In the Rockbox project we’ve been using a rather sophisticated build system for many years that provide updated binary packages to the public after every single commit. We also provide daily built zips, manuals, fonts and other extras directly off the subversion server fully automatic every day.

I used to be in the camp that thought that this is a very good system to the extent that it makes ordinary version-numbered releases somewhat unnecessary since everyone can easily get recent downloads whenever they want anyway. We also had a general problem getting a release done.

But as you all know by now, we shipped Rockbox 3.0 the other day. And man did it hit the news!

lifehacker.com, gizmodo.com, engadget.com, slashdot.org, golum.de, boingboing.net, reddit.com and others helped us really put our web server to a crawl. The 4 days following the release, we got roughly 160,000 more visits on our site than usual, 5 times the normal amount (200,000 visits compared to the “normal” 40,000).

Of course, as a pure open source project with no company or money involved anywhere, we don’t exactly need new users but we of course want more developers and hopefully we do reach out to a few new potential contributors when we become known to a larger amount of people.

So I’m now officially convinced: doing this release was a good thing!

gdgt #2 said Rockbox

Ryan and Peter from Engadget and Gizmodo fame are now making a new site and podcast series. The latter seem to have climbed the “charts” very rapidly and it is a top podcast in the tech sector on itunes apparently.

Anyway, in the second episode (about 20 minutes into it) they did a very brief and non-explanatory reference to Rockbox about wanting to install it on a SanDisk Sansa e280. Anyway, they didn’t say much about it at all but I simply enjoyed having it reached that level of no-need-to-explain-what-it-is-when-mentioned.

A bad move. A really bad move.

So I wrote this little perl script to perform a lot of repeated binary Rockbox builds. It builds something like 35 builds and zips them up and gives them proper names in a dedicated output directory. Perfect to do things such as release builds.

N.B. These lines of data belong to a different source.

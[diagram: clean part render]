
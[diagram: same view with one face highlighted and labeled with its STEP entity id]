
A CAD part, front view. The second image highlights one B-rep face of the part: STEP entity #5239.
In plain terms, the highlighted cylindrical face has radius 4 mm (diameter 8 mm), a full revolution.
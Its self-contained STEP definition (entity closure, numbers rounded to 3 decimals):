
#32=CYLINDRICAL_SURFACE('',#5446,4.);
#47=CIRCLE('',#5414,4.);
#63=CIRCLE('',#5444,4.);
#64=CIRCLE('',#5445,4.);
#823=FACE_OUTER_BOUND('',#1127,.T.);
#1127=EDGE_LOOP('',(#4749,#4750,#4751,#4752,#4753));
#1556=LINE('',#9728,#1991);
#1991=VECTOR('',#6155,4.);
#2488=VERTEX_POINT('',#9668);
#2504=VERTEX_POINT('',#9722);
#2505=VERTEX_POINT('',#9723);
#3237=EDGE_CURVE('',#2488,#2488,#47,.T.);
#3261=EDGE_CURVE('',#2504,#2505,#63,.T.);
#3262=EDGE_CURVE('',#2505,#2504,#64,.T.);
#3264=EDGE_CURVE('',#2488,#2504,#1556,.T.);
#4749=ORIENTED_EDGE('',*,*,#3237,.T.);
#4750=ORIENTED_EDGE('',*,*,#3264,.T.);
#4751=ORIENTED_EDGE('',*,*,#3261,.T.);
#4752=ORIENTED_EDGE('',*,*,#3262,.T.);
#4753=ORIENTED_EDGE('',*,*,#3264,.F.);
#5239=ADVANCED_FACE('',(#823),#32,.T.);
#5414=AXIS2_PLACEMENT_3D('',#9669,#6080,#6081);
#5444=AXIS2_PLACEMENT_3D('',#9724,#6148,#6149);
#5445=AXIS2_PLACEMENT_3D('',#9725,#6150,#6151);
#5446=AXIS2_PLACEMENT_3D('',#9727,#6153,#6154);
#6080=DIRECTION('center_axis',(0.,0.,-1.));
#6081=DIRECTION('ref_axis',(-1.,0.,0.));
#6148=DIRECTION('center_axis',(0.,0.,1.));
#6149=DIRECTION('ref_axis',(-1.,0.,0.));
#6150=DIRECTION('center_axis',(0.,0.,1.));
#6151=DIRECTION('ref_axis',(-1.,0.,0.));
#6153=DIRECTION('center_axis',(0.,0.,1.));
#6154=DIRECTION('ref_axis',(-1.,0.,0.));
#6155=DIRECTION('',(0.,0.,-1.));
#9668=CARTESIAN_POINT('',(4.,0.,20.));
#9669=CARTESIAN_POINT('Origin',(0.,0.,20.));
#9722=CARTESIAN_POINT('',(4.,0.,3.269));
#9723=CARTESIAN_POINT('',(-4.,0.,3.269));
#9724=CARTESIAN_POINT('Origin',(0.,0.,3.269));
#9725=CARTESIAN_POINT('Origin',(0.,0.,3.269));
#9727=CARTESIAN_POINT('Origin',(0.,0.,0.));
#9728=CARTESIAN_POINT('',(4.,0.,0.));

Then I wrote a similar one to build manuals and offer them too. I then made the results available on the Rockbox 3.0RC (release candidate) page of mine.

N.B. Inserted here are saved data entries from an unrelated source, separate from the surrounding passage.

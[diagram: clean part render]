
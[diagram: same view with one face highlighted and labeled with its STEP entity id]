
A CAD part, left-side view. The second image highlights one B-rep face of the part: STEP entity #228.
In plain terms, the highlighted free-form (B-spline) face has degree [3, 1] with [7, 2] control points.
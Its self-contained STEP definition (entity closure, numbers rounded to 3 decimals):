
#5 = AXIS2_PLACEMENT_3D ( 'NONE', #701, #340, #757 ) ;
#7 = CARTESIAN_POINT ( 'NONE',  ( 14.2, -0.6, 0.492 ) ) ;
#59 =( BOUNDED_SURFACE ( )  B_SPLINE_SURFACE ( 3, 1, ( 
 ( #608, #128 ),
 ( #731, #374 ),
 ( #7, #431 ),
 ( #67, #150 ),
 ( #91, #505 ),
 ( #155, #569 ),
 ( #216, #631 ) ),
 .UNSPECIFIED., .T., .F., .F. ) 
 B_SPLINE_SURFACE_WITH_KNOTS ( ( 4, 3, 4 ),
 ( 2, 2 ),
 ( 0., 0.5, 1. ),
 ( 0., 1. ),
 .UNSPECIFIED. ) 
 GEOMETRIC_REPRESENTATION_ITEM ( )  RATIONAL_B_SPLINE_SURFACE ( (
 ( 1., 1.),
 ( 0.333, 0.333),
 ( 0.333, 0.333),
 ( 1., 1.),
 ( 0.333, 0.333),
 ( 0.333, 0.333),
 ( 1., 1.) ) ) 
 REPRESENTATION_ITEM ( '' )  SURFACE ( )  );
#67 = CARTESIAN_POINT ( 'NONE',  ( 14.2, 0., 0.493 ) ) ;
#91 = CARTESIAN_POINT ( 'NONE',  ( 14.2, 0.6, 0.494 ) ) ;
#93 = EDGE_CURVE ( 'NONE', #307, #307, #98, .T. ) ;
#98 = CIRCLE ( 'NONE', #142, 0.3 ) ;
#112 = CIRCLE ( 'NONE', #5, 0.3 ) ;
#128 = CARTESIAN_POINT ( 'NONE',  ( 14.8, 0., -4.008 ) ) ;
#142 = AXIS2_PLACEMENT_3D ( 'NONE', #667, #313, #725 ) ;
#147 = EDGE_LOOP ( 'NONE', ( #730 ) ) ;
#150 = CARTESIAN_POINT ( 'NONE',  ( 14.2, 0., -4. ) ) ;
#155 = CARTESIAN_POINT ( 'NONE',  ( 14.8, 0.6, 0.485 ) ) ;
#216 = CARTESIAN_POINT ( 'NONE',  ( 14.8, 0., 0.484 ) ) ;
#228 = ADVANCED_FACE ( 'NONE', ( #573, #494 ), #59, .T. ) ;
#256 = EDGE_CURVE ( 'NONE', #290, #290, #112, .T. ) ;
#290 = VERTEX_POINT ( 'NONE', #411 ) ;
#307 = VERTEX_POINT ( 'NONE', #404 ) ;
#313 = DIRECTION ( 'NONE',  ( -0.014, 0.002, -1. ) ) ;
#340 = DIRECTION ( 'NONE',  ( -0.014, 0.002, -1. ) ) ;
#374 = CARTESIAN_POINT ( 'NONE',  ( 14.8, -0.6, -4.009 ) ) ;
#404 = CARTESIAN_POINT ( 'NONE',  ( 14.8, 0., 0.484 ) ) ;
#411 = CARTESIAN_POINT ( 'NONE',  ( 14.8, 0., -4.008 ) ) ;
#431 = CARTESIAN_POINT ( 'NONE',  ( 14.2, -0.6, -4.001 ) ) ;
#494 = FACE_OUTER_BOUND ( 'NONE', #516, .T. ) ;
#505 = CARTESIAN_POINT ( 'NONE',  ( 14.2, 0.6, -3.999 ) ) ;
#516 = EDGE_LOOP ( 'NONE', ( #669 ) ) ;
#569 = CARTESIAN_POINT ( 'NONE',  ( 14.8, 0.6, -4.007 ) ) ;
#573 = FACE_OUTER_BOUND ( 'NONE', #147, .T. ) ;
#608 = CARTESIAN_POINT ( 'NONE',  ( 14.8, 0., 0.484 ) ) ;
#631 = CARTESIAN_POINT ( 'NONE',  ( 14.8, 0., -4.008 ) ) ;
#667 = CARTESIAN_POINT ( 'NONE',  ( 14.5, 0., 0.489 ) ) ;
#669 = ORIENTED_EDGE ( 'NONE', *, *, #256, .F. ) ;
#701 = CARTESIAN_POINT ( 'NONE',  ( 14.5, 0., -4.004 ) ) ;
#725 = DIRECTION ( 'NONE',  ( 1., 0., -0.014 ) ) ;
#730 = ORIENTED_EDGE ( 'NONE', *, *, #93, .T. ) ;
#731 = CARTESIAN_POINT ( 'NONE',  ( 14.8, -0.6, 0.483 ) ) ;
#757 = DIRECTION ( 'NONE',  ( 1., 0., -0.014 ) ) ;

Cool, me thinks, and since I’ll be away now for a week starting Wednesday I think I should make the scripts available in case someone else wants to play with them and possibly make a release while I’m gone.

I did

mv buildall.pl webdirectory/buildall.pl.txt

… thinking that I don’t want it to try to execute as a perl script on the server so I rename it to a .txt extension. But did this work? No. Did it cause total havoc? Yes.

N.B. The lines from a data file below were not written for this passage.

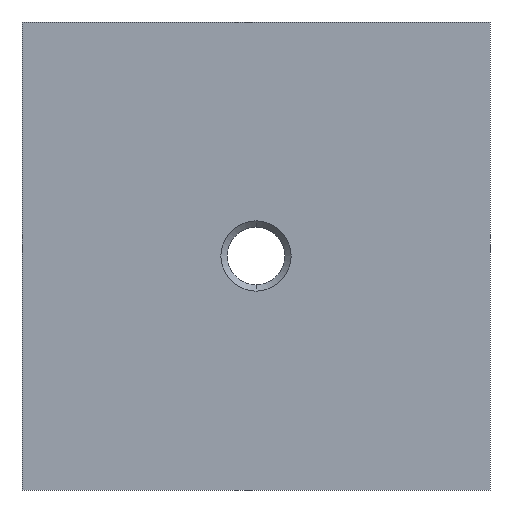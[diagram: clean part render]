
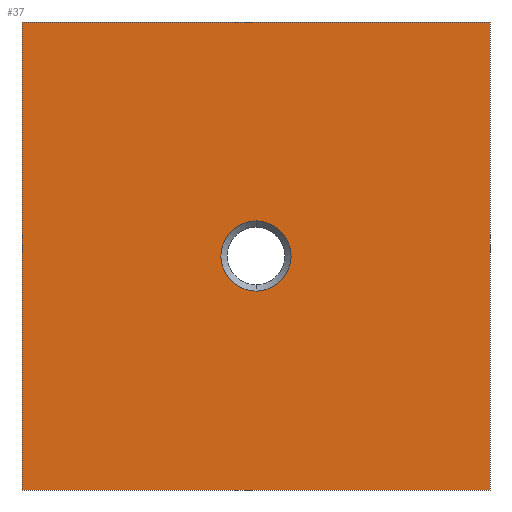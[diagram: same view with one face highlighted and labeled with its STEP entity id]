
A CAD part, front view. The second image highlights one B-rep face of the part: STEP entity #37.
In plain terms, the highlighted planar face has unit normal (0, -1, 0).
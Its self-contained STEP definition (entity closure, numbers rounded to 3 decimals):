
#1 = AXIS2_PLACEMENT_3D ( 'NONE', #127, #186, #323 ) ;
#2 = VECTOR ( 'NONE', #63, 1000. ) ;
#6 = LINE ( 'NONE', #146, #2 ) ;
#7 = ORIENTED_EDGE ( 'NONE', *, *, #103, .F. ) ;
#10 = CARTESIAN_POINT ( 'NONE',  ( -10., -4., 10. ) ) ;
#12 = VERTEX_POINT ( 'NONE', #217 ) ;
#20 = CARTESIAN_POINT ( 'NONE',  ( -10., -4., 10. ) ) ;
#25 = VECTOR ( 'NONE', #241, 1000. ) ;
#29 = LINE ( 'NONE', #110, #156 ) ;
#30 = CIRCLE ( 'NONE', #237, 1.5 ) ;
#37 = ADVANCED_FACE ( 'PLANAR_1', ( #298, #270 ), #69, .F. ) ;
#40 = DIRECTION ( 'NONE',  ( 0., 0., 1. ) ) ;
#41 = ORIENTED_EDGE ( 'NONE', *, *, #53, .T. ) ;
#46 = ORIENTED_EDGE ( 'NONE', *, *, #239, .F. ) ;
#53 = EDGE_CURVE ( 'NONE', #174, #242, #202, .T. ) ;
#54 = CARTESIAN_POINT ( 'NONE',  ( 0., -4., -1.5 ) ) ;
#56 = CARTESIAN_POINT ( 'NONE',  ( 10., -4., -10. ) ) ;
#57 = LINE ( 'NONE', #10, #25 ) ;
#59 = EDGE_LOOP ( 'NONE', ( #41, #236 ) ) ;
#63 = DIRECTION ( 'NONE',  ( -1., 0., 0. ) ) ;
#69 = PLANE ( 'NONE',  #162 ) ;
#73 = VERTEX_POINT ( 'NONE', #20 ) ;
#99 = EDGE_LOOP ( 'NONE', ( #119, #46, #322, #7 ) ) ;
#103 = EDGE_CURVE ( 'NONE', #272, #73, #153, .T. ) ;
#109 = EDGE_CURVE ( 'NONE', #242, #174, #30, .T. ) ;
#110 = CARTESIAN_POINT ( 'NONE',  ( 10., -4., 10. ) ) ;
#119 = ORIENTED_EDGE ( 'NONE', *, *, #304, .F. ) ;
#127 = CARTESIAN_POINT ( 'NONE',  ( 0., -4., 0. ) ) ;
#146 = CARTESIAN_POINT ( 'NONE',  ( 10., -4., -10. ) ) ;
#153 = LINE ( 'NONE', #245, #190 ) ;
#156 = VECTOR ( 'NONE', #161, 1000. ) ;
#158 = CARTESIAN_POINT ( 'NONE',  ( 0., -4., 0. ) ) ;
#159 = VERTEX_POINT ( 'NONE', #56 ) ;
#161 = DIRECTION ( 'NONE',  ( 0., 0., -1. ) ) ;
#162 = AXIS2_PLACEMENT_3D ( 'NONE', #321, #183, #275 ) ;
#174 = VERTEX_POINT ( 'NONE', #54 ) ;
#183 = DIRECTION ( 'NONE',  ( 0., 1., 0. ) ) ;
#186 = DIRECTION ( 'NONE',  ( 0., 1., 0. ) ) ;
#190 = VECTOR ( 'NONE', #193, 1000. ) ;
#193 = DIRECTION ( 'NONE',  ( 0., 0., 1. ) ) ;
#202 = CIRCLE ( 'NONE', #1, 1.5 ) ;
#217 = CARTESIAN_POINT ( 'NONE',  ( 10., -4., 10. ) ) ;
#236 = ORIENTED_EDGE ( 'NONE', *, *, #109, .T. ) ;
#237 = AXIS2_PLACEMENT_3D ( 'NONE', #158, #303, #40 ) ;
#239 = EDGE_CURVE ( 'NONE', #12, #159, #29, .T. ) ;
#241 = DIRECTION ( 'NONE',  ( 1., 0., 0. ) ) ;
#242 = VERTEX_POINT ( 'NONE', #277 ) ;
#245 = CARTESIAN_POINT ( 'NONE',  ( -10., -4., -10. ) ) ;
#261 = CARTESIAN_POINT ( 'NONE',  ( -10., -4., -10. ) ) ;
#270 = FACE_BOUND ( 'NONE', #59, .T. ) ;
#272 = VERTEX_POINT ( 'NONE', #261 ) ;
#275 = DIRECTION ( 'NONE',  ( 0., 0., 1. ) ) ;
#277 = CARTESIAN_POINT ( 'NONE',  ( 0., -4., 1.5 ) ) ;
#298 = FACE_OUTER_BOUND ( 'NONE', #99, .T. ) ;
#303 = DIRECTION ( 'NONE',  ( 0., 1., 0. ) ) ;
#304 = EDGE_CURVE ( 'NONE', #159, #272, #6, .T. ) ;
#313 = EDGE_CURVE ( 'NONE', #73, #12, #57, .T. ) ;
#321 = CARTESIAN_POINT ( 'NONE',  ( -10., -4., -10. ) ) ;
#322 = ORIENTED_EDGE ( 'NONE', *, *, #313, .F. ) ;
#323 = DIRECTION ( 'NONE',  ( 0., 0., 1. ) ) ;

First, Apache apparently still thinks these files are perl scripts (== cgi scripts) on my server, even if they got an additional extension. I really really didn’t expect this.

Then, my scripts are doing a command chain similar to “mkdir dir; cd dir; rm -rf *”. It works great when invoked in the correct directory. It works less fine when the web server invokes this because someone clicked on the file I just made available to the world.

Recursive deletion of all files the web server user was allowed to erase.

Did I immediately suspect foul play and evil doings by outsiders? Yes. Did it take quite a while to restore the damages from backups? Yes. Did it feel painful to realize that I myself was to blame for this entire incident and not at all any outside or evil perpetrator? Yes yes yes.

But honestly, in the end I felt good that it wasn’t a security hole somewhere that caused it since I hate spending all that time to track it down and fix it. And thanks to a very fine backup system, I had most of the site and things back up and running after roughly one hour off-line time.

Rockbox

Security and Open Source

OWASP Sweden is arranging an event on October 6th in Stockholm Sweden to talk about security in the open source process.

I will be there doing talk about security in open source projects, in particular then how we work with security in the curl project. If you think of anything particular you would like me to address or include, feel free to give be a clue already before the event!

Getting cacerts for your tools

As the primary curl author, I’m finding the comments here interesting. That blog entry “Teaching wget About Root Certificates” is about how you can get cacerts for wget by downloading them from curl’s web site, and people quickly point out how getting cacerts from an untrusted third party place of course is an ideal situation for an MITM “attack”.

Of course you can’t trust any files off a HTTP site or a HTTPS site without a “trusted” certificate, but thinking that the curl project would run one of those just to let random people load PEM files from our site seems a bit weird. Thus, we also provide the scripts we do all this with so that you can run them yourself with whatever input data you need, preferably something you trust. The more paranoid you are, the harder that gets of course.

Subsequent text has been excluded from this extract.